The main content of the thesis is divided into three parts. In Part I (Chapter 2 and 3) we review the fundamental mathematical tools and provide a survey on cognitive radio networks. Part II (Chapter 4 and 5) provide two application examples of fully distributed
learning in distributed resource management. Part III (Chapter 6 and 7) studies the case of distributed learning with partial cooperation. The following is an overview of each chapter.
Chapter 2. This chapter introduces the different concepts that will be used throughout the thesis, together with the fundamental mathematics. The basic ideas in game theory is first reviewed. This problem is formulated as a non-cooperative game. The existence and multiplicity of the Nash equilibrium (NE) solution will be investigated for two different network models. In the second part of this chapter, the stochastic learning algorithm is explained in detail. We give the structure of SLA, and present several update rules. At the end, we show that under certain conditions, the SLA converges to NE.
Chapter 3. The first three examples in this thesis are all related to the spectrum access behaviors of cognitive radio networks (CRNs). Therefore, before entering the examples, we open up one chapter to review the previous works on CRNs. The spectrum access in CRNs is classified as different models according to the way the spectrum is granted to the secondary users. Then the representative works of each model are summarized.
Chapter 4. This chapter presents the first application: the network selection problem in cognitive heterogeneous networks (HetNets) where multiple radio access technologies (RATs) coexist. We formulate the network selection problem as a non-cooperative game where the secondary users (SUs) are the players. In particular, under a cognitive access scenario, the availability of channels for SUs depends on the traffic demands of PUs, and is considered as the time-varying external state. With a reasonably designed utility function, we prove that the game is an OPG. SLA is adopted and each SU’s strategy progressively evolves toward the Nash equilibrium (NE) based on its own action-reward history, without the need to know actions in other SUs. The convergence property and the performance in terms of throughput and fairness are again shown through simulations.
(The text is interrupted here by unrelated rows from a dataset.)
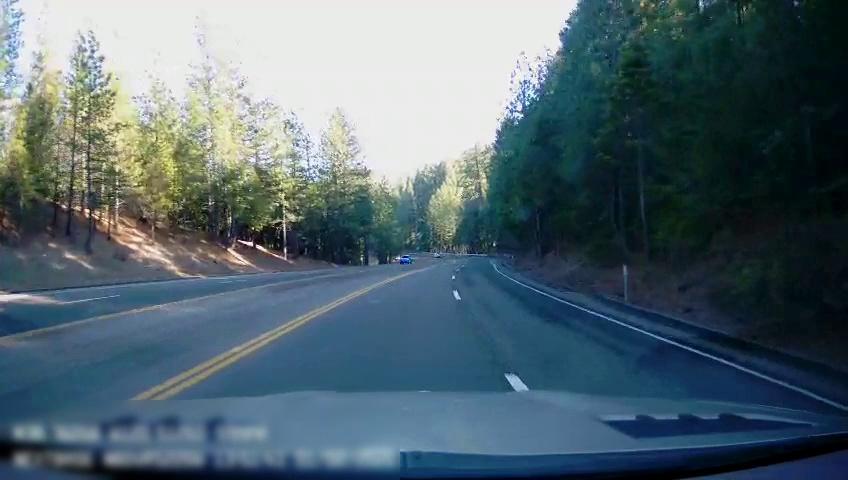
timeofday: Day
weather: Sunny
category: Drivable Space
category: Vehicles | Car
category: Lanes | Alternate Lane
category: Lanes | Alternate Lane
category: Lanes | Current Lane
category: Lanes | Alternate Lane
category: Lanes | Opposite Lane
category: Lanes | Opposite Lane
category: Lanes | Opposite Lane
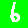
Digit: 6
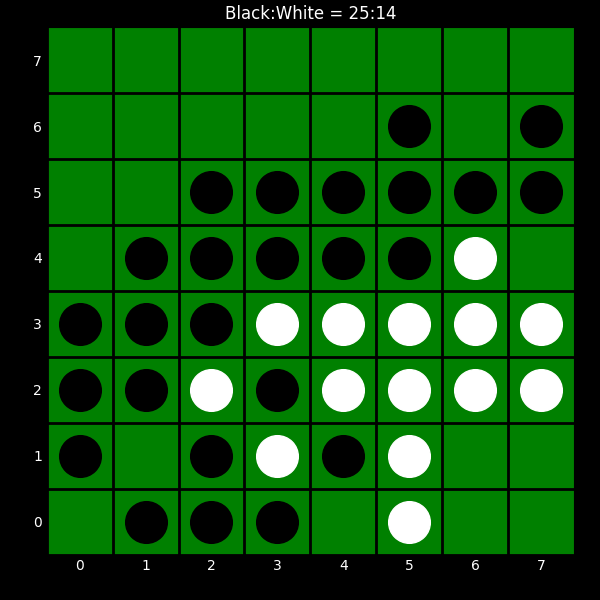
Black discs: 25
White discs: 14
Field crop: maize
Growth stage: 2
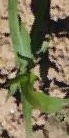
Species: maize
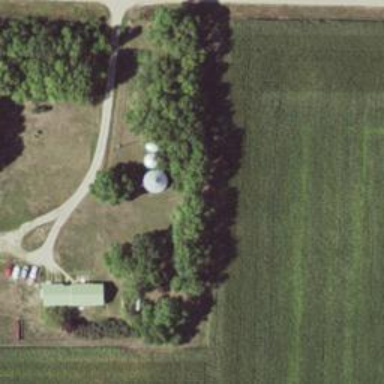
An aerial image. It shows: Silo.
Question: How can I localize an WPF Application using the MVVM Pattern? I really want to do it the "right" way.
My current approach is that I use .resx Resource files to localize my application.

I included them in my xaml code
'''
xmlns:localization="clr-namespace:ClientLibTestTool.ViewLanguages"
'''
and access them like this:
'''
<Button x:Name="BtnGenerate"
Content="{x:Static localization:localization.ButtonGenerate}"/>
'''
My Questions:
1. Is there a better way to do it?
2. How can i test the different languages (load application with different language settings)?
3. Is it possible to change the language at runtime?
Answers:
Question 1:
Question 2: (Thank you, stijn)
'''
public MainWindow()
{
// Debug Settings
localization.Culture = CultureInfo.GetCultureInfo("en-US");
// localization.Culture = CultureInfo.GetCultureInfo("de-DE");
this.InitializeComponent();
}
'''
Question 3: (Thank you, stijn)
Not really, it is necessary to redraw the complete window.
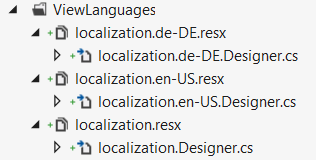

Chapter 5. As the second application example of SLA, this chapter studies the spectrum trading in CRNs. Different from the first example, now the licensed spectrum opportun-ities are sold to multiple unlicensed secondary users by multiple service providers. The spectrum trading is modeled as a multi-leader multi-follower Stackelberg game with two
levels of competition. In the lower-level competition, each secondary user selects a ser-vice provider with time-varying channel availability. The serser-vice selection is determined by the prices and the quality of service, which depends on the number of residual chan-nels and the behavior of other secondary users. In the upper-level competition, service providers adjust their pricing strategies to maximize their individual revenues. We fur-ther propose decentralized, stochastic learning-based algorithms for both levels, where a player’s strategy progressively evolves toward the Nash equilibrium (NE) based on its own action-reward history without information of other players’ actions. The convergence properties of the proposed algorithms toward NE points are theoretically and numerically verified. The proposed method demonstrates good utility and fairness performances for the secondary users as compared to other service selection schemes.
Chapter 6. The third example considers channel assignment in OFDMA-based two-tier distributed networks. The secondary users are formulated as the players, and the strategy is the channel assignment. There are two major difference from the previous examples.
Firstly, unlike the previous examples where a resource unit is granted by the owner to a specific user, here we consider the case that all users access the same spectrum. On top of that, an interference mitigation game is formed. Secondly, each player is allowed to know the action of its neighbors. In this way, a proper utility function can be defined, and the channel assignment problem is formulated as an ordinal potential game which has at least one pure-strategy Nash equilibrium (NE). Then the stochastic learning algorithm discussed in Chapter 2 is applied. The convergence property toward pure strategy NE points is verified through system-level simulations. In addition, performance evaluation is carried out by comparing the proposed algorithm with other methods.
Chapter 7. The last example addresses the joint processing and distributed channel assignment in network MIMO systems. The cooperative frequency reuse among base stations (BSs) can improve the system spectral efficiency by reducing the intercell in-terference (ICI) through channel selection and precoding. We presents a game-theoretic study of channel selection for realizing network MIMO operation under time-varying wire-less channel. We propose a new joint precoding scheme that carries enhanced interference
mitigation and capacity improvement abilities for network MIMO systems. We formulate the channel selection problem as a noncooperative game with BSs as the players, and show that our game is an exact potential game (EPG) given the proposed utility function. A de-centralized, stochastic learning-based algorithm is proposed where each BS progressively moves toward the Nash equilibrium (NE) strategy based on its action-reward history and not actions taken by others. The convergence properties of the proposed learning algorithm toward a pure-strategy NE point are theoretically shown and numerically veri-fied for different network topologies. The proposed learning algorithm also demonstrates a fine capacity and fairness performance as compared to other schemes through extensive link-level simulations.